My plan is to replace the drywall, fresh new start I guess.

Is there anything I should be aware of when I rip out drywall on an exterior wall, around a window, or is it pretty much the same as interior walls? If there is no insulation or if the insulation is in bad shape, I can just add some insulation batts?

Also, if I plan on doing a tile backsplash, the drywall/taping/joint compound doesn't have to be 100% flat and even, correct? I just mean a tiny tiny bit uneven around the joints. I can just spread a little more thinset for the tile right?


----------



## Bud Cline (Mar 12, 2006)

> Also, if I plan on doing a tile backsplash, the drywall/taping/joint compound doesn't have to be 100% flat and even, correct? I just mean a tiny tiny bit uneven around the joints. I can just spread a little more thinset for the tile right?


Ah-h-h-h no, I wouldn't. The thinset may or may not make up for a bulge in the joint compound. In fact using thinset over joint compound isn't the best idea. They are not compatible and the thinset won't want to bond that well to the joint compound.

You could just install the seam tape and then fill the seam-joints with the thinset as you install the tile. No humps that way.

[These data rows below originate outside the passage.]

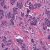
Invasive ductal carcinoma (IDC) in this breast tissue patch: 1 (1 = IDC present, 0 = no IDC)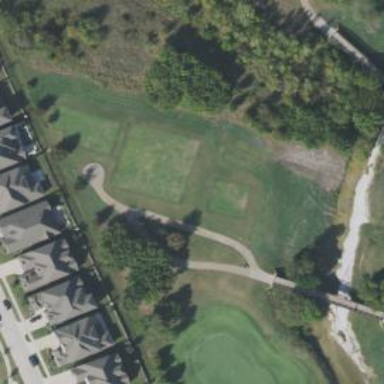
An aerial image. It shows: Asphalt service road used as golf cart path.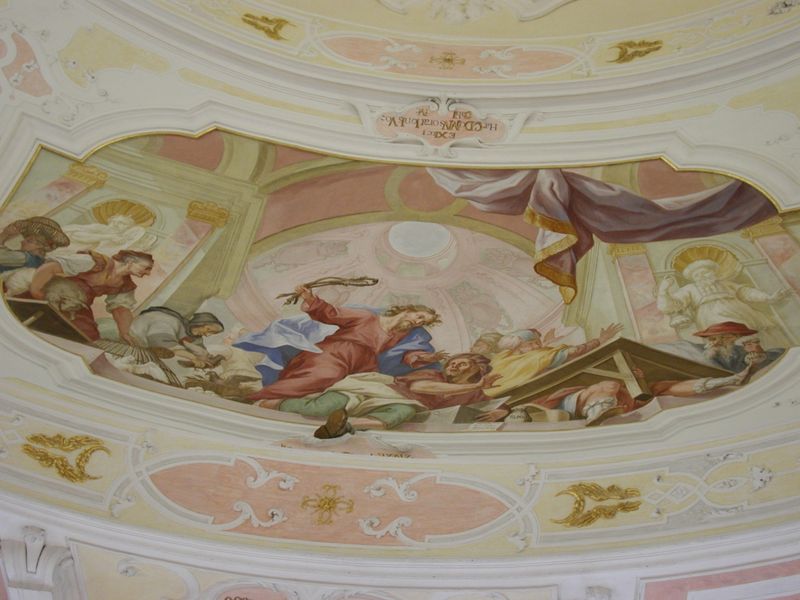
Titel: Deckenfresken in St. Georg
Künstler: Johann Georg Bergmüller
Standort: Ochsenhausen, St. Georg (EU - D - BW)
Schlagwörter: frauen, gelb, frau, männer, tisch, rose, bart, alte, vorhang, vögel, schnur, decke, händler, rokoko, rosa, schrift, perspektive, kuppel, stuck, gewölbe, christus, jesus, tempel, kaufleute, deckengemälde, fresko, vertreibung, jerusalem, barok, deckenfresko, 3d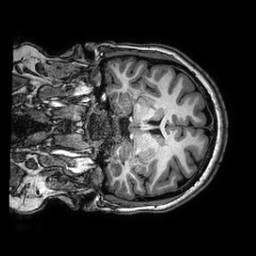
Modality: T1w
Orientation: coronal
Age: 34
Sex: female
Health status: healthy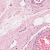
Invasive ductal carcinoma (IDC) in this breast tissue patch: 0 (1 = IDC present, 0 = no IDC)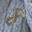
Label: 8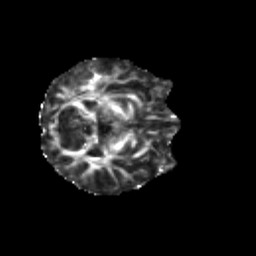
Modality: FA
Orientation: axial
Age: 11
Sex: male
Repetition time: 9.4 s
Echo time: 0.089 s
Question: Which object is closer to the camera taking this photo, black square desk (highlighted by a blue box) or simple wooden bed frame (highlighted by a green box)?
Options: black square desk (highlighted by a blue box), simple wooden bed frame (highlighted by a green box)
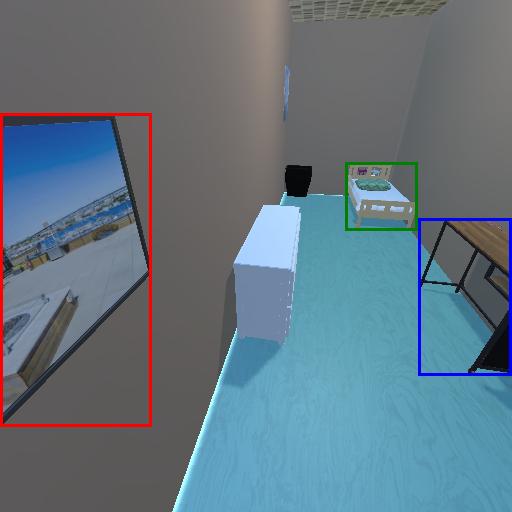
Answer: black square desk (highlighted by a blue box)
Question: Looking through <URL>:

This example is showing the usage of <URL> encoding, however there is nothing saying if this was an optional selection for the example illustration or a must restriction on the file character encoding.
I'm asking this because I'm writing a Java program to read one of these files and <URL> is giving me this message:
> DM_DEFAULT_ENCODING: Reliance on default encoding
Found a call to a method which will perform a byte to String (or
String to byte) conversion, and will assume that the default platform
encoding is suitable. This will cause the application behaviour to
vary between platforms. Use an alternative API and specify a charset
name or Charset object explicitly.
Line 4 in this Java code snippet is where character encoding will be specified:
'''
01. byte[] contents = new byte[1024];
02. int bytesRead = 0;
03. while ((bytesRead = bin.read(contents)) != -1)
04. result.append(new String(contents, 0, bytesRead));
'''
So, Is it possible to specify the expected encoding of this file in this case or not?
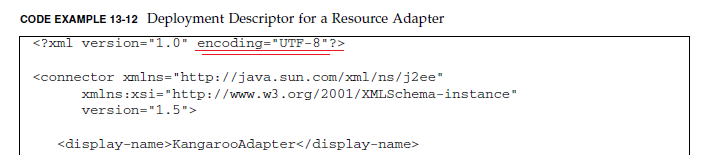
Answer: From what I saw, Most people use the UTF-8 encoding for their ra.xml. However there is no restriction on using other encoding. So if you base your parsing to expect UTF-8 only, the result might not be as expected.
So you either need to count for this in your code when you are reading this as a normal text, or read it as an xml file and save yourself the headache. I don't think the difference in performance will be an issue because the ra.xml files do not usually grow to gigabytes. At least the ones I've seen so far are on an average of few megabytes.
For the Findbug issue, you just need to specify the encoding as a UTF-8. Otherwise you will be using the default of the JVM which is determined during virtual-machine startup and typically depends upon the locale and charset of the underlying operating system. Although using the default is not a recommended behavior here, if that is what you want then just specify the usage of default encoding. This would get rid of the Findbug issue.
So your code would look like something like this:
'''
01. byte[] contents = new byte[1024];
02. int bytesRead = 0;
03. while ((bytesRead = bin.read(contents)) != -1)
04. result.append(new String(contents, 0, bytesRead, Charset.defaultCharset()));
'''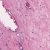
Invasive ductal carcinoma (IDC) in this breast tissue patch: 0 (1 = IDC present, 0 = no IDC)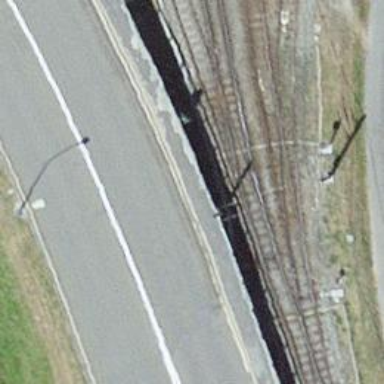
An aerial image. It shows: Narrow-gauge railway track with one electrified contact line.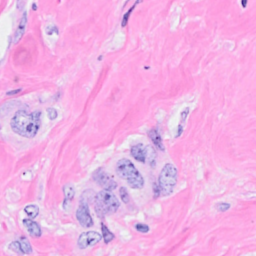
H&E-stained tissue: Breast
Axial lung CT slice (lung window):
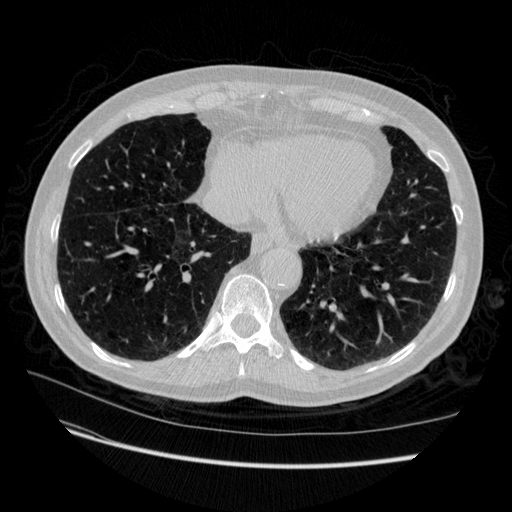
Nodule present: no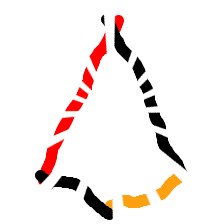
Shape: kite

You will use a notched trowel to apply the thinset and heaping thinset isn't advisable. Let the trowel do what it is suppose to do and that is gauge the thickness of the thinset for you.


----------



## 6fthook (Dec 20, 2010)

So use thinset instead of joint compound like I would normally do. Is it just not as good, or will it fail if I thinset/tile over joint compound? I already replaced drywall and used joint compound on the other wall in the kitchen


----------



## 6fthook (Dec 20, 2010)

The wall next to the one shown in the picture has 2 sheets plus two patches, all mudded with drywall compound. MOST of this surface will be tiled with a ceramic tile backplash when the cabinets and countertops come in and are installed.

I will be working on the house the next 2 days. 

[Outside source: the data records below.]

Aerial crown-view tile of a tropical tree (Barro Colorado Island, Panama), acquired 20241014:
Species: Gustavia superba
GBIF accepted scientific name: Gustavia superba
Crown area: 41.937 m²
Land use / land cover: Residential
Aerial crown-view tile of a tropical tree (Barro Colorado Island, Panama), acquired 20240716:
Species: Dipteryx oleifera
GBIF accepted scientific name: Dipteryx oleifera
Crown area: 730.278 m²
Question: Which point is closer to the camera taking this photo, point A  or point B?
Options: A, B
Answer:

1. Should I tear out this drywall and hang new drywall? 

2. Should I tape with fibatape and mud the joints with thinset? If so, is it ok to use pre-mixed?

3. Or should I just leave the joints without any mud, since it will be covered by cabinets or be tiled?

Thanks!


----------



## user1007 (Sep 23, 2009)

New drywall and yes, you should tape the joints. I would use regular paper tape and pre-mixed compound if you want. Pre-mixed is just going to take longer to dry. Depends on what you hope to finish for sure I guess.


----------



## 6fthook (Dec 20, 2010)

You mean use pre-mixed thinset? Or drywall compound? The reason I want to rip out the drywall I already hung is because people were saying and also the research I've done now says that tiling/thin-set over drywall compound is not good.

The reason I was going to go with fibatape i because I am not an expert, and the fibatape is significantly easier for me to do than the traditional non sticky tape.

Thanks!


----------



## Bud Cline (Mar 12, 2006)

This beginning to get out of hand.

You cannot use paper tape under thinset. The only tape recommended for under thinset and tile projects is the alkali-resistant mesh tape, it has sticky on one side. It doesn't require anyone to be an expert.

The premixed thinset has proven to be problematic in wet areas, in dry area applications I suppose it would work. I wouldn't touch the stuff or use it in either area myself.

Thinset DOES NOT like gypsum joint compound.

Thinset DOES NOT like gypsum joint compound. (Did I say that already?)

The cabinets don't care if there is tape behind them or not but I think the Fire Marshal does care.:furious:

I'll tell ya what....
Go buy some liquid waterproofing and use it over the already installed joint compound. Liquid waterproofing doesn't like gypsum joint compound either but in a dry area it should stay put.


----------



## 6fthook (Dec 20, 2010)

Bud Cline said:


> This beginning to get out of hand.
> 
> You cannot use paper tape under thinset. The only tape recommended for under thinset and tile projects is the alkali-resistant mesh tape, it has sticky on one side. It doesn't require anyone to be an expert.
> 
> ...



Thanks!

So to be 100% clear, it's ok to do:

Rip down existing drywall with all the joint compound in the areas to be tiled. Put new drywall up. Use alkali resistant mesh tape designed for cement board (fibatape makes it) to tape the joints. Use thinset for the joints (pre-mixed not good in wet areas). Or can I just tape the joints only with no mudding over it?

OR

Cover the area to be tiled with liquid waterproofing, then tile over as normal?


----------



## Bud Cline (Mar 12, 2006)

I am now confused beyond repair.

Just use liquid waterproofing over everthing everywhere.:yes:


----------



## 6fthook (Dec 20, 2010)

I just finished putting up new drywall, here it is:










(I finished the piece underneath the window today)


I just want to be sure: 

Since I am doing a tile backsplash, I should use alkali resistive mesh tape to tape the joints and then use thin-set for the joints?

If so, should I do this for all the joints even under where the cabinets will be going? Or use drywall compound for those areas?

What kind of of thin-set for the joints, modified or un-modified? How about when I do the tile backsplash?

Thanks!


----------



## 6fthook (Dec 20, 2010)

bump.


----------



## Bud Cline (Mar 12, 2006)

I think your questions have already been answered in earlier comments by more than one person. People begin to lose interest when you continue to rehash techniques that have already been explained. This is why your thread has gone dormant.:yes: Speaking for myself I don't intend to re-read a thread over and over and over again. Most of us regulars here visit many threads in a short time and frankly they begin to run together. If someone doesn't acknowledge the respones we offer and move on then the thread becomes burdensome and we lose interest. You may be way over thinking this whole project. Let's get going and Get-R-Done.:thumbsup:


----------